DP: Guy wanted a very different take on the film’s theme. He had a vision on how he wanted the film to look and sound, that you have to respect, and we had it in there for a while, but it didn’t feel right.

It wasn’t like it didn’t go with the tone of the film, Guy just wanted a new take on the music. In the same way when Christopher Nolan did BATMAN, he didn’t use the Nelson Riddle TV theme – although that would be quite funny.

But I was quite keen on getting THE MAN FROM U.N.C.L.E. in there somewhere. There is a short little musical cameo of the TV theme that’s in there. It’s in the scene where Napoleon Solo is changing the radio channels in the car and he hears it for a second, dismisses it and keeps changing the channels. Once again the film’s editor, James Herbert, while doing the sound mixing, quickly edited it in the scene.

WAMG: The soundtrack is filled with some fabulous tracks of a Cold War, espionage score.  “Escape From East Berlin,” “The Vinciguerra Affair“ and “Bugs, Beats and Bowties” to name a few. It’s what you’d expect in this type of exotic film. What did you use to get a bold, 60’s type sound?

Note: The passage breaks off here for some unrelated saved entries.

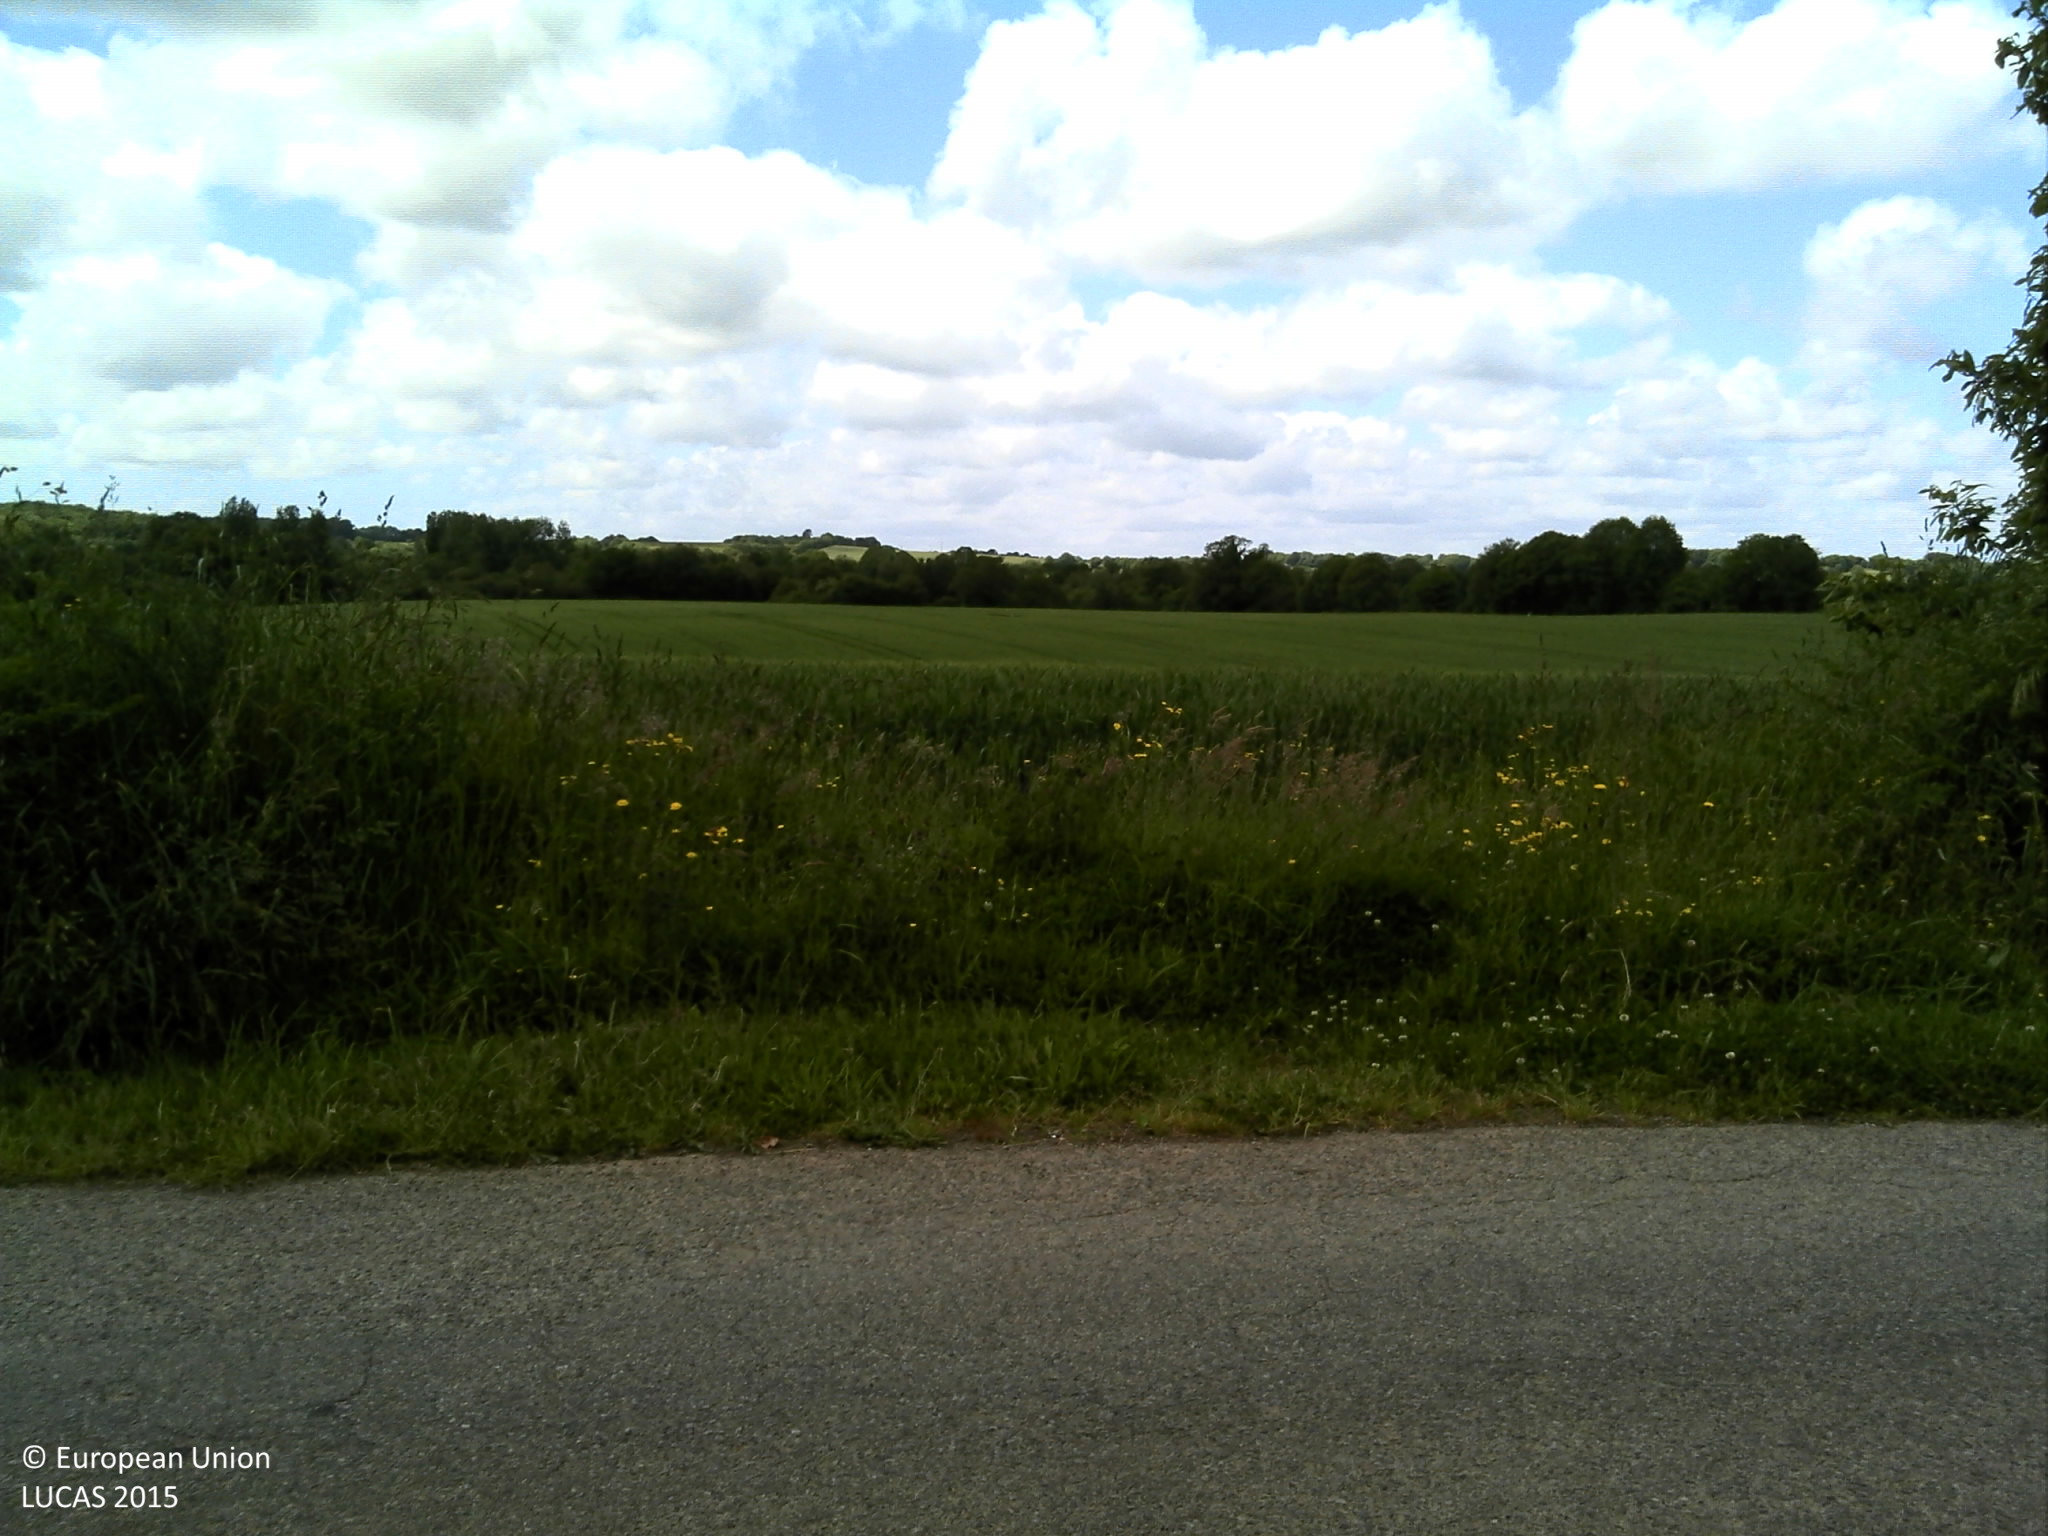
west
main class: Cropland
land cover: Maize
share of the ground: 10 - 25 %
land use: Agriculture (excluding fallow land and kitchen gardens)
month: June
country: FR
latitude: 47.9818
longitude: -3.5695

DP: Another great thing about scores from that era, everyone was using crazy instruments. I love using crazy instruments because it gives you something new and something you haven’t heard before.

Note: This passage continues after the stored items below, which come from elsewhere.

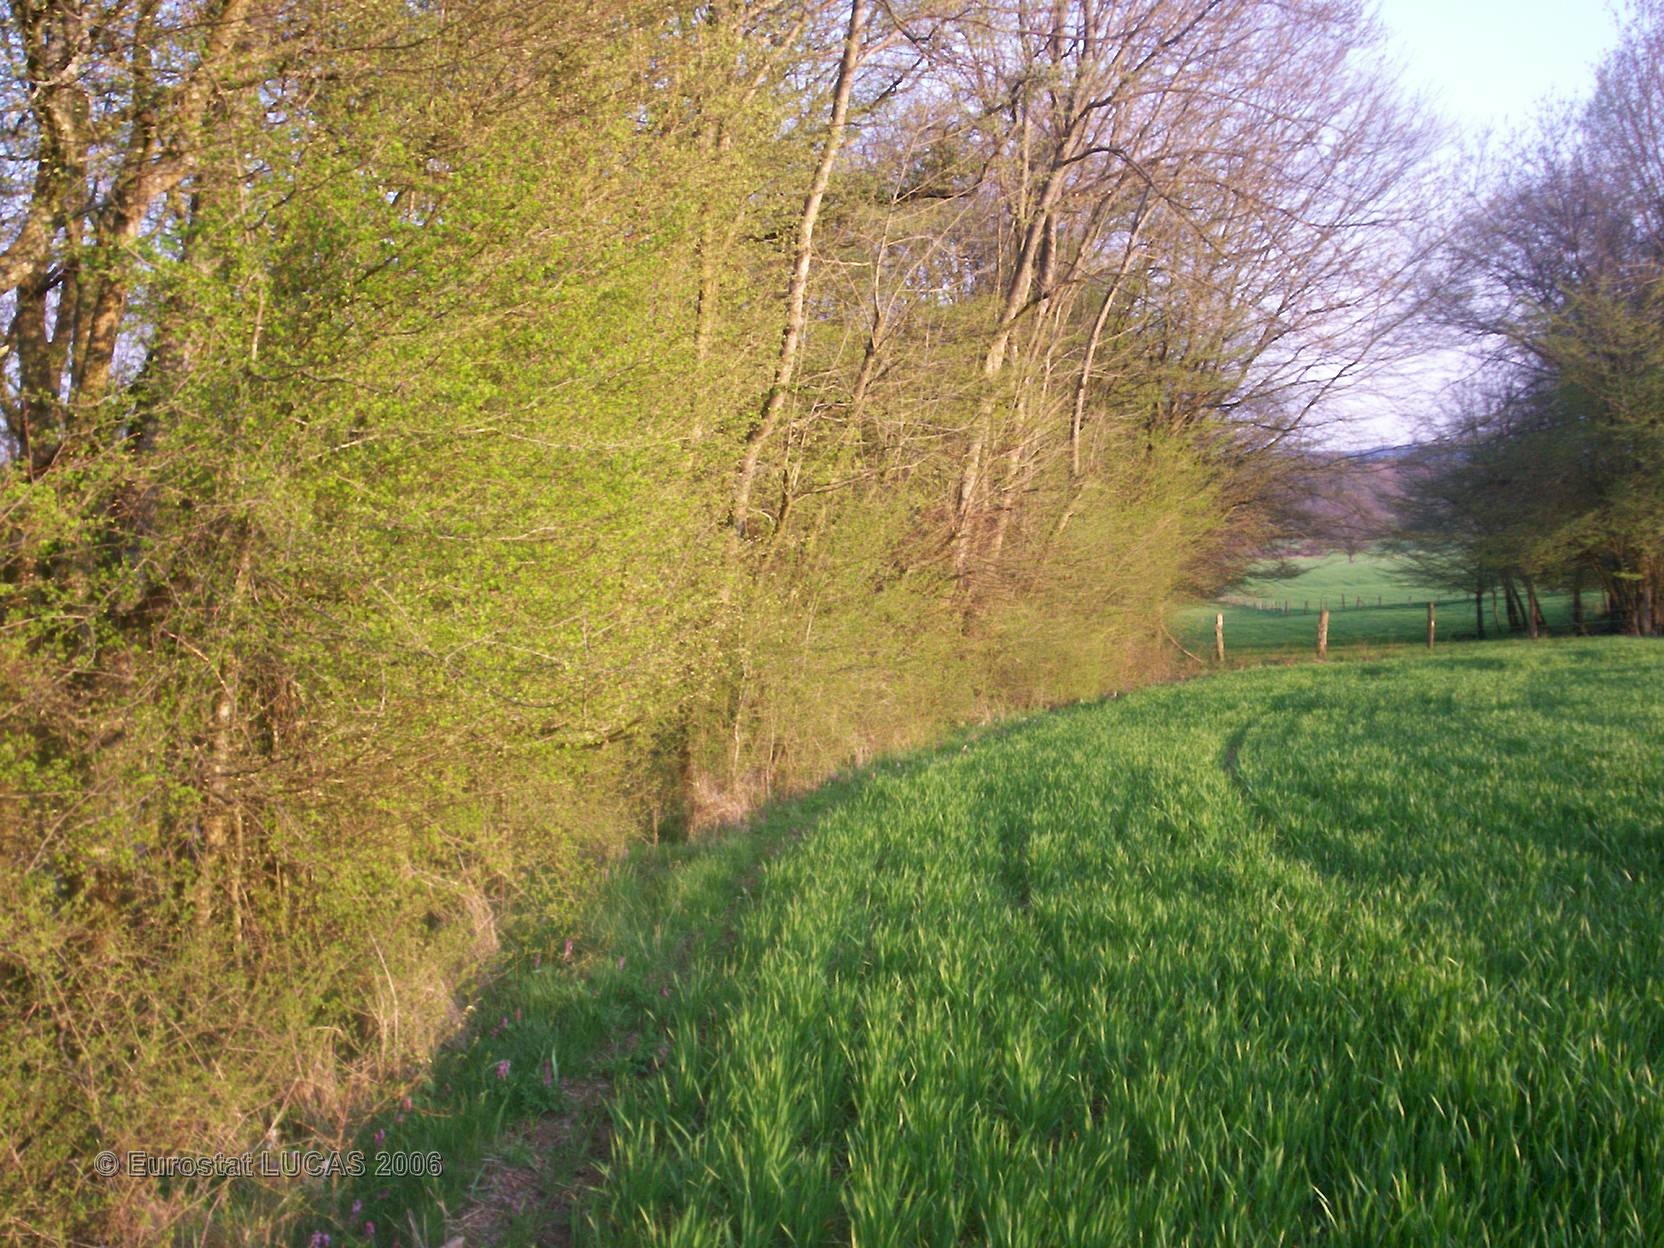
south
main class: Cropland
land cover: Barley
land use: Agriculture (excluding fallow land and kitchen gardens)
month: April
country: FR
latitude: 47.4768
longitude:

Guy loves anything that’s unexpected and unusual. There’s an amazing flute player, Dave Heath, who we used a lot. He plays a lot of the crazy sounds you hear in the “East Berlin” track.

We’ve got a lot of percussion, organs and a Marxophone, which is a bit like a zither and a cymbalom which is like a giant zither, famously used by John Barry on THE IPCRESS FILE. It gave it a classic, Cold War sound.

We’ve got vintage guitars and genuine old 1960’s harpsichords. We had two harpsichords – an old classical one and a 60’s boxy one. The classical one had this beautiful range, but didn’t have the punch or the attitude that the 60’s one did and it had such a great sound to it, so we used more of that. That harpsichord sounded brilliant. We also put it through an old 60’s mixer which compressed everything a bit more heavily.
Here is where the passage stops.